In the 2012 post I ended with Twitter, but I have to lead with it this time. Twitter is probably my most valuable resource for learning about the bleeding-edge developments in genomics & bioinformatics. It’s great for learning what’s new and contributing to the dialogue in your field, but only when used effectively.
I aggressively prune the list of people I follow to keep what I see relevant and engaging. I can tolerate an occasional digression into politics, posting pictures of you drinking with colleagues at a conference, or self-congratulatory announcements. But once these off-topic Tweets become the norm, I unfollow. I also rely on the built-in list feature. I follow a few hundred people, but I only add a select few dozen to a “notjunk” list that I look at when I’m short on time. Folks in this list don’t Tweet too often and have a high signal-to-noise ratio (as far as what I’m interested in reading). If I don’t get a chance to catch up on my entire timeline, I can at least breeze through recent Tweets from folks on this list.
I’m also wary of following extremely prolific users. For example — if someone’s been on Twitter less than a year, already has 20,000 Tweets, but only 100 followers, it tells me they’ve got a lot to say but nobody cares. I let the hive mind work for me in this case, using this Tweet-to-follower ratio as sort of a proxy for signal-to-noise.
I mostly follow individuals and aggregators, but I also follow a few organization accounts. These can be a mixed bag. Only a few organization accounts do this well, delivering interesting and applicable content to a targeted audience, while many more are poor attempts at marketing and self-promotion while not offering any substantive value or interesting content.
Individuals: In no particular order, here’s an incomplete list of people who Tweet content that I find consistently on-topic and interesting.
Others: Besides individual accounts, there are also a number of aggregators and organizations that I keep on a high signal-to-noise list.


I follow these and other blogs using RSS. I’ve been happy with the free version of Feedly ever since Google Reader was killed. The web interface and iOS app have everything I need, and they both integrate nicely with other services like Evernote, Instapaper, Buffer, Twitter, etc. If you can’t find a direct link to the blog’s RSS feed, you can usually type the name of the blog into Feedly’s search bar and it’ll find it for you. Similar to my “notjunk” list in Twitter, I have a Favorites category in Feedly where I include only the feeds I absolutely wouldn’t want to miss.
These are some of the few that I try to read whenever something new is posted, and Feedly helps me keep those organized, either by “starring” something I want to come back to, or saving it for later with Instapaper. They’re in no particular order, and I’m sure I’ve forgotten something.

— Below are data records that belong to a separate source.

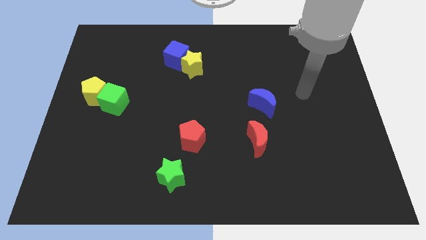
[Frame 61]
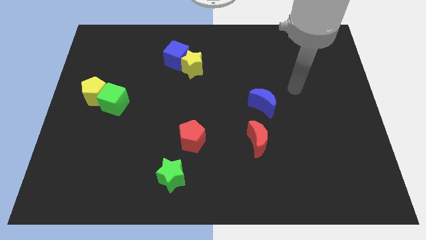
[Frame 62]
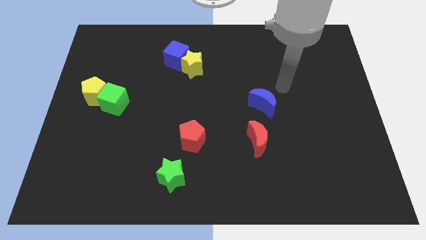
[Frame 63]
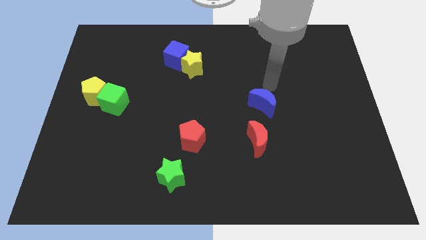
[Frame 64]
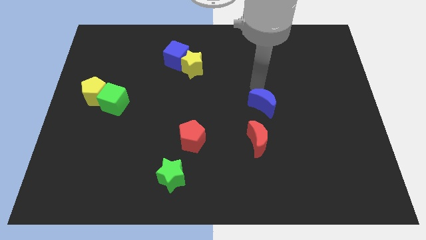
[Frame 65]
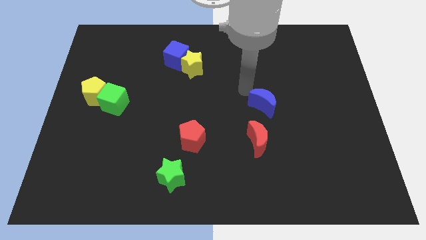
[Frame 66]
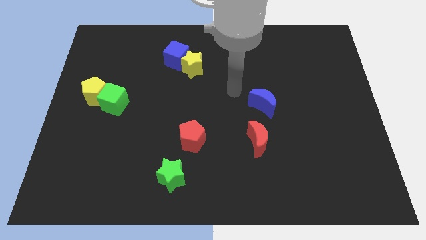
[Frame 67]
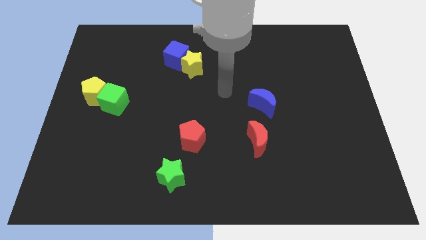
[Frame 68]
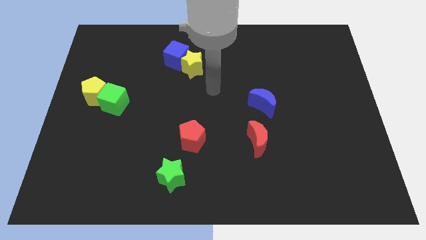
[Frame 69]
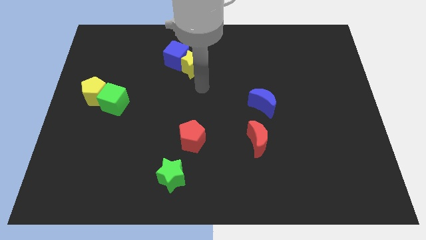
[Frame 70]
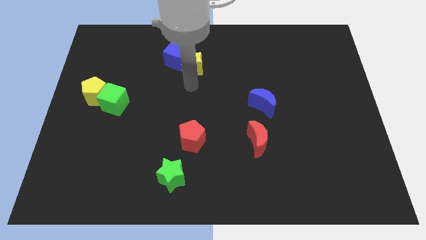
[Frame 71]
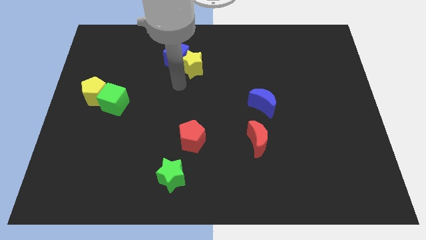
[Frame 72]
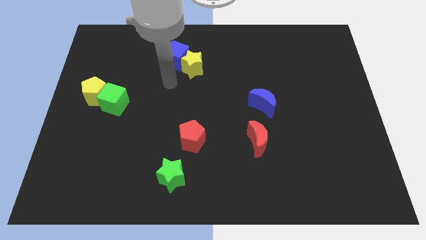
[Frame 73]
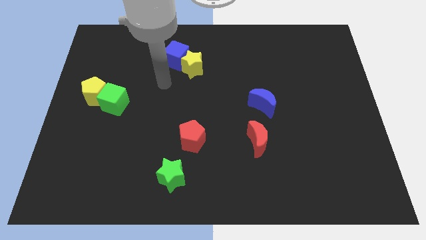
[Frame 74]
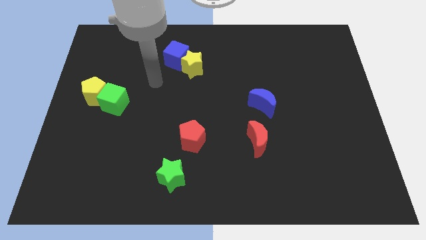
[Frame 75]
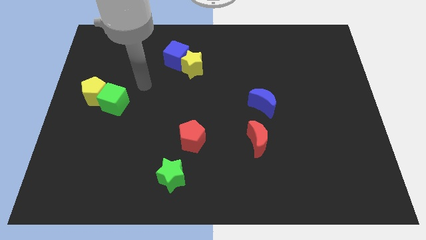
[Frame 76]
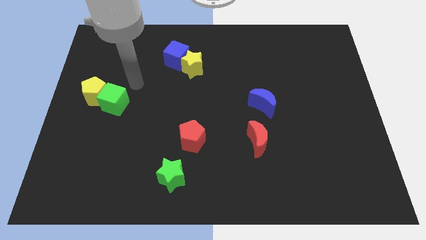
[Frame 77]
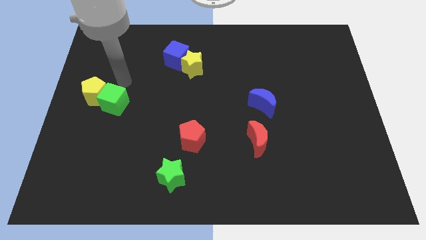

  • Variance Explained: David Robinson’s blog (Data Scientist at Stack Overflow, works in R and Python).
  • Global Biodefense: News on pathogens, outbreaks, and preparedness, with periodic posts on genomics and bioinformatics-related developments and funding opportunities.
  • In between lines of code: Lex Nederbragt’s blog on biology, sequencing, bioinformatics, …
  • Simply Statistics: A statistics blog by Rafa Irizarry, Roger Peng, and Jeff Leek.
  • Bits of DNA: Reviews and commentary on computational biology by Lior Pachter (fair warning: dialogue here can get a bit heated!).
  • Blue Collar Bioinformatics: articles related tool validation and the open source bioinformatics community.
  • Microbiome Digest - Bik’s Picks: A daily digest of scientific microbiome papers, by Elisabeth Bik, Science Editor at uBiome.
  • Living in an Ivory Basement: Titus Brown’s blog on metagenomics, open science, testing, reproducibility, and programming.
  • Enseqlopedia: James Hadfield’s blog on all things NGS.
  • Epistasis Blog: Jason Moore’s computational biology blog.
  • RStudio Blog: announcements about new RStudio functionality, updates about the tidyverse, and more.
  • Next-Gen Sequencing Blog covering new developments in NGS data & analysis.
  • RNA-Seq Blog: Transcriptome Research & Industry News.
  • The Allium: We all need a little humor in our lives. Like The Onion, but for science.


I’m unsure how to categorize the rest. These are things like aggregators, Q&A sites/forums, and others.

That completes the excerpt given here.